Modi won the 2014 national election on the promise of scaling the ‘Gujarat Model’ to the entire of India. He has done just that. Gujarat had one of the lowest shares of public spending on the provisioning of basic healthcare for the entirety of Modi’s term as Chief Minister. Jammu and Kashmir as a state did far better than Gujarat in terms of access to basic social opportunities (healthcare, education). Gujarat is now one of the worst performing states — in terms of covid19 infections, hospitalization and deaths. No one, within the system back then could question Modi during his tenure as Chief Minister, given how subservient public institutions- the judiciary, the police and the bureaucracy became, alongside the presence of a disabled (/confused) political opposition. All of the above has happened at a pan-India level now- not just Gujarat.
At a time when surge in infections was peaking, the Prime Minister and his party were busy organizing mass rallies in Bengal, appealing to voters to come out in ‘large numbers to vote’, facilitating a Kumbh in one of its own states, showing absolute disregard and ignorance for following -ensuring covid appropriate behavior. The mainstream media did nothing to highlight either of these follies at a time of a public health emergency, rather, in its typical propagandist tone, the media was absorbed in reporting mass rallies in elections-as if a pandemic was long over. A toothless political opposition remained more active on social media platform- and twitter, than on the ground protesting against the government’s inactions-and callousness. The opposition remains more visibly ‘absent’ even now.
Sen said: “Developing and strengthening a democratic system is an essential component of the process of development… Among the great variety of developments that have occurred in the twentieth century, the most preeminent development of the period is the rise of democracy…” India’s case, according to Sen, despite being an “ungainly, unlikely, inelegant combination of differences, nonetheless, survived and functioned remarkable well as a political unit with a democratic system”.

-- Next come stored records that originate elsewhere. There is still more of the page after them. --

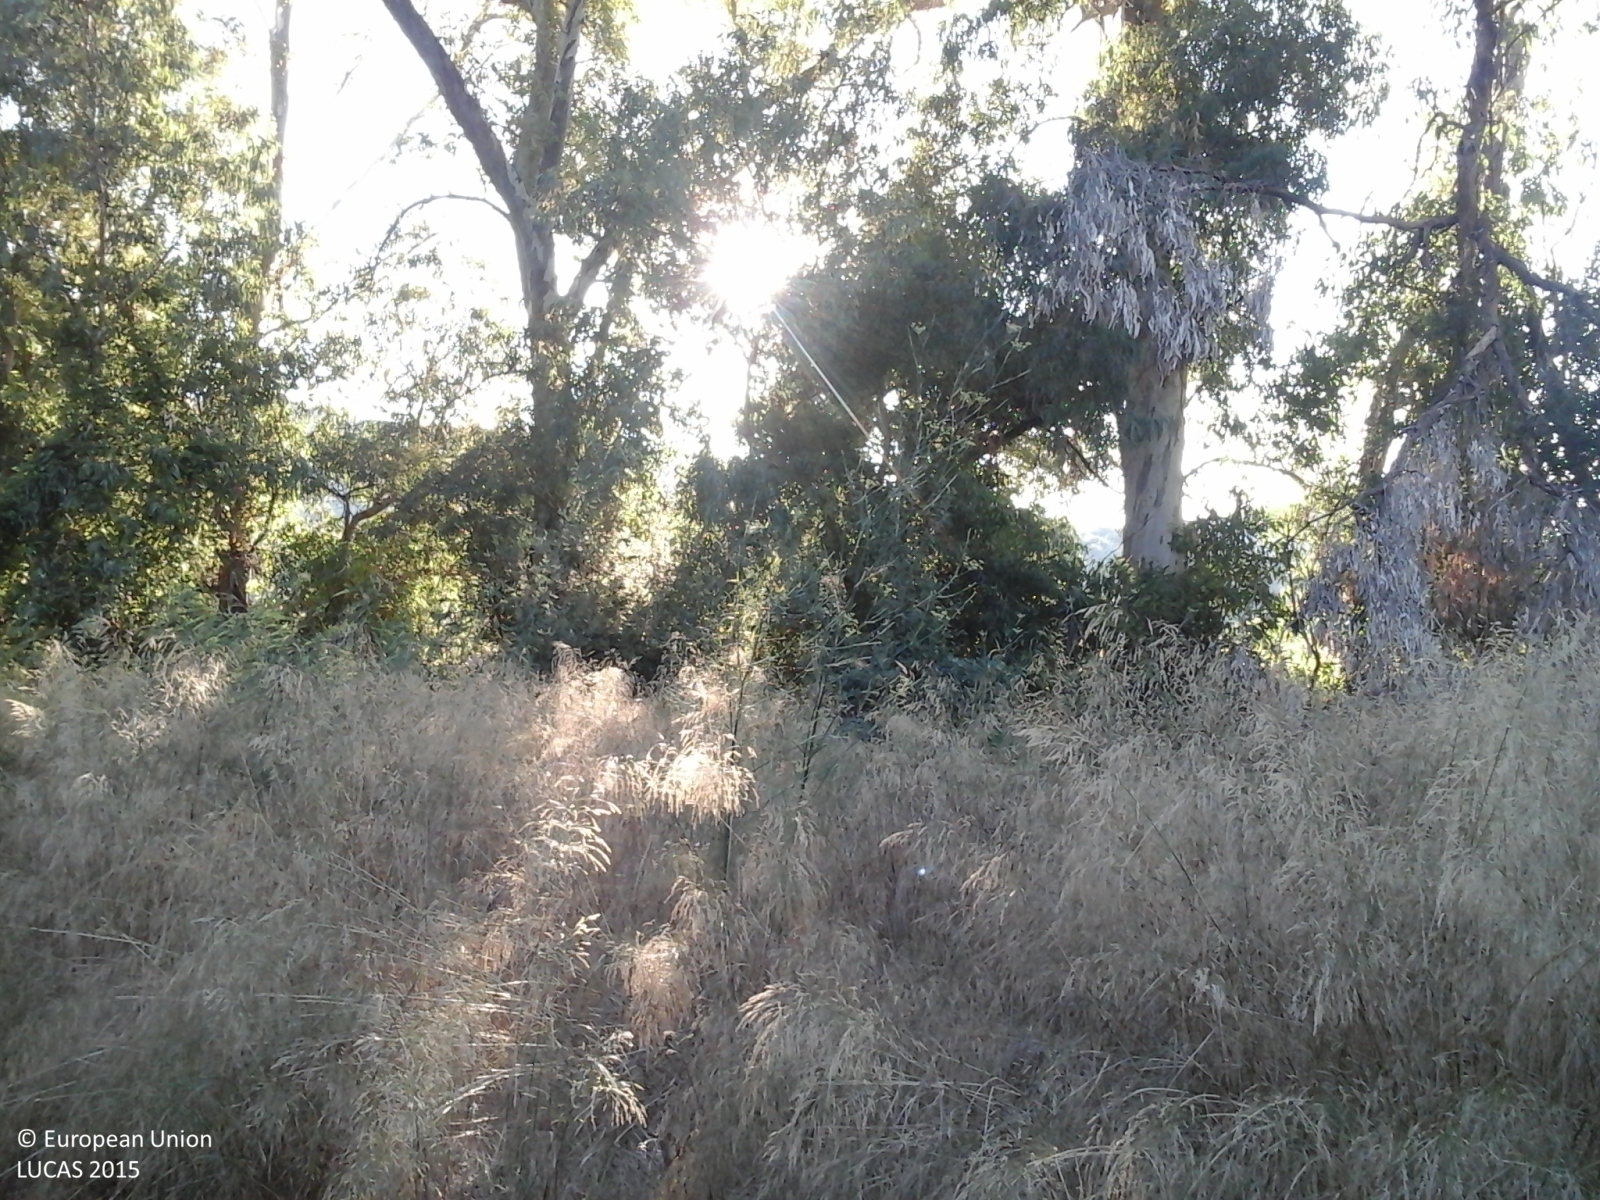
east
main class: Woodland
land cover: Pine dominated mixed woodland
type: broadleaved evergreen forest
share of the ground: > 75 %
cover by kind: coniferous forest trees 75 %, broadleaved forest trees 25 %
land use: Forestry
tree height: > 5 m
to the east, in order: Pine dominated mixed woodland; Tracks; Grassland without tree/shrub cover; Grass margins; Ditches and canals; Grass margins; Tracks; Shrubland with sparse tree cover
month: August
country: IT
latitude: 42.7770
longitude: 10.8406
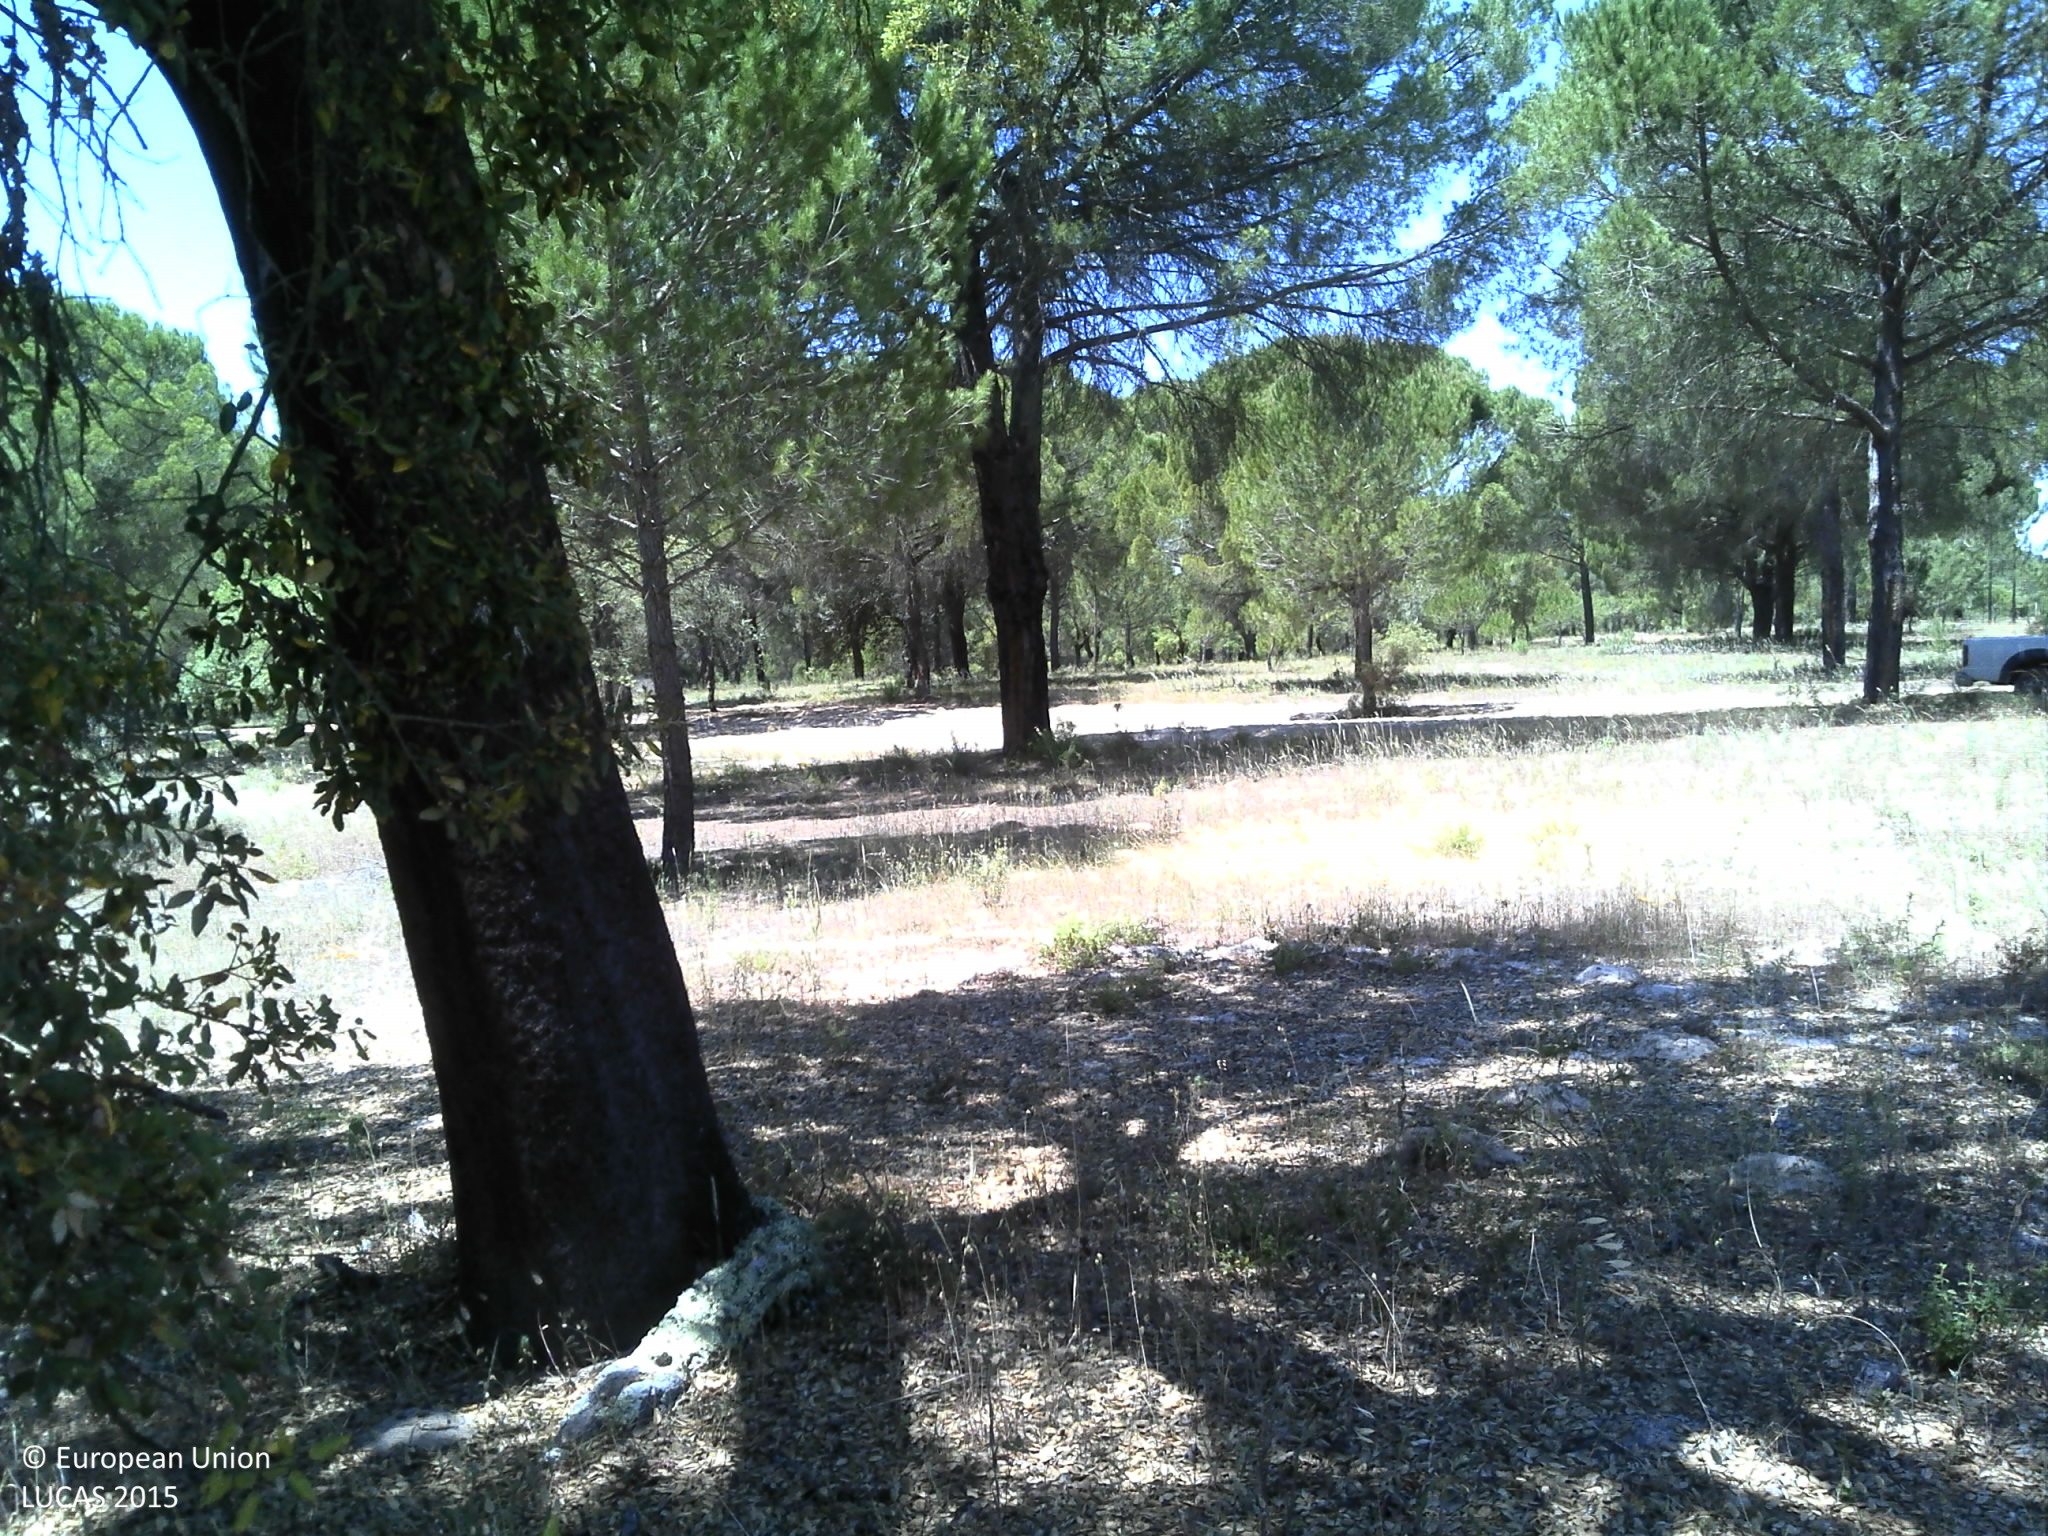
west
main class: Woodland
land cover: Broadleaved woodland
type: broadleaved evergreen forest
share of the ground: 50 - 75 %
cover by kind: broadleaved forest trees 50 %, unconsolidated bare surface 30 %, herbaceous plants 20 %
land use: Forestry
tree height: > 5 m
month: May
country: PT
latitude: 38.1703
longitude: -8.4334

This remarkable story of a ‘chaotic nation’ championing democratic conduct in political propriety appears like a legend of the past. Our country’s political-core now resembles to an autocratic China, where ‘discourse’ isn’t shaped by public-participation or in the interest of safeguarding civil liberties, fundamental rights, but is rather built around a story of lies, propagandic rhetoric, fed and further (re)enforced by the oppressive-repressive hands of a supreme commander.